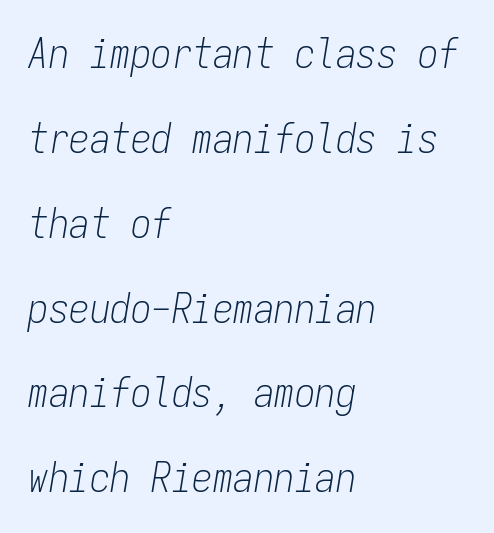
Q: Is the text bold? A: No.
Q: Is the text italic (slanted)? A: Yes, it leans right by about 9 degrees.
Q: Is the text underlined? A: No.
Q: How is the paragraph aligned? A: Left-aligned.
Q: Is the spacing between letters normal or unusually wide? A: Normal.
Q: Is the spacing between lines tight, normal or loose? A: Loose.
Q: Width (condensed, normal, or wide)? A: Condensed.
Q: Stroke contrast? A: Low.
Q: x-height? A: Medium.
Q: Monospaced? A: Yes.
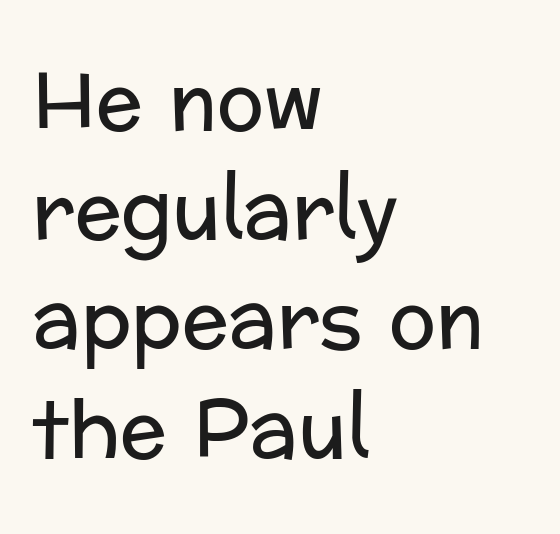
To sum up the face: it is a sans, with no serifs. The font's upright variant was chosen for this text. Letters have the restrained weight of plain body copy at most. The passage shown is typed in a proportional face where columns would drift.
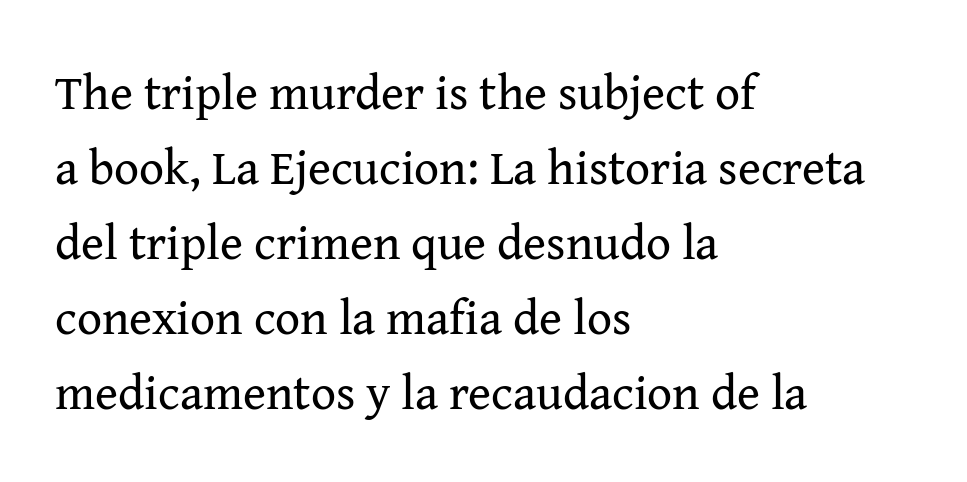
{"serif": "yes", "italic": "no", "bold": "no", "weight": "regular", "width": "normal", "stroke_contrast": "medium", "x_height": "medium", "monospaced": "no", "underline": "no", "align": "left", "line_spacing": "normal", "line_spacing_ratio": 1.53, "letter_spacing": "normal", "letter_spacing_em": 0.0, "glyph_px": 49}
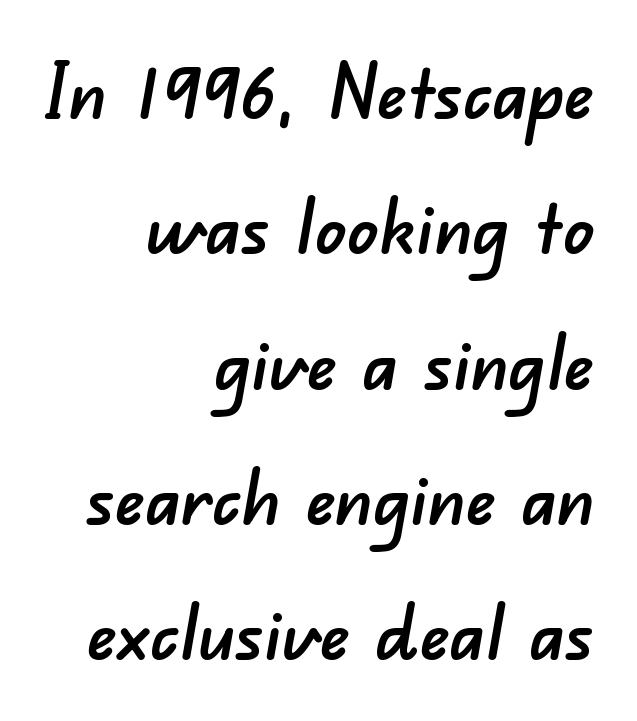
Casual observation: everything's shoved over to the right. Lines of text with bare space underneath. This rendering employs a face without finishing strokes, i.e., a sans-serif. Spacing verdict: proportional, widths tailored to each character. What stands out about the letter spacing? Nothing — it is the standard amount.
-- -- --
ACTIVITY: Write out the whole listing verbatim, images excluded.

WRITTEN RESPONSE:
Q: Is the text bold? A: No.
Q: Is the text italic (slanted)? A: Yes, it leans right by about 9 degrees.
Q: Is the text underlined? A: No.
Q: How is the paragraph aligned? A: Left-aligned.
Q: Is the spacing between letters normal or unusually wide? A: Normal.
Q: Is the spacing between lines tight, normal or loose? A: Loose.
Q: Width (condensed, normal, or wide)? A: Condensed.
Q: Stroke contrast? A: Low.
Q: x-height? A: Medium.
Q: Monospaced? A: Yes.
To sum up the face: it is a sans, with no serifs. The font's upright variant was chosen for this text. Letters have the restrained weight of plain body copy at most. The passage shown is typed in a proportional face where columns would drift.
{"serif": "yes", "italic": "no", "bold": "no", "weight": "regular", "width": "normal", "stroke_contrast": "medium", "x_height": "medium", "monospaced": "no", "underline": "no", "align": "left", "line_spacing": "normal", "line_spacing_ratio": 1.53, "letter_spacing": "normal", "letter_spacing_em": 0.0, "glyph_px": 49}
Casual observation: everything's shoved over to the right. Lines of text with bare space underneath. This rendering employs a face without finishing strokes, i.e., a sans-serif. Spacing verdict: proportional, widths tailored to each character. What stands out about the letter spacing? Nothing — it is the standard amount.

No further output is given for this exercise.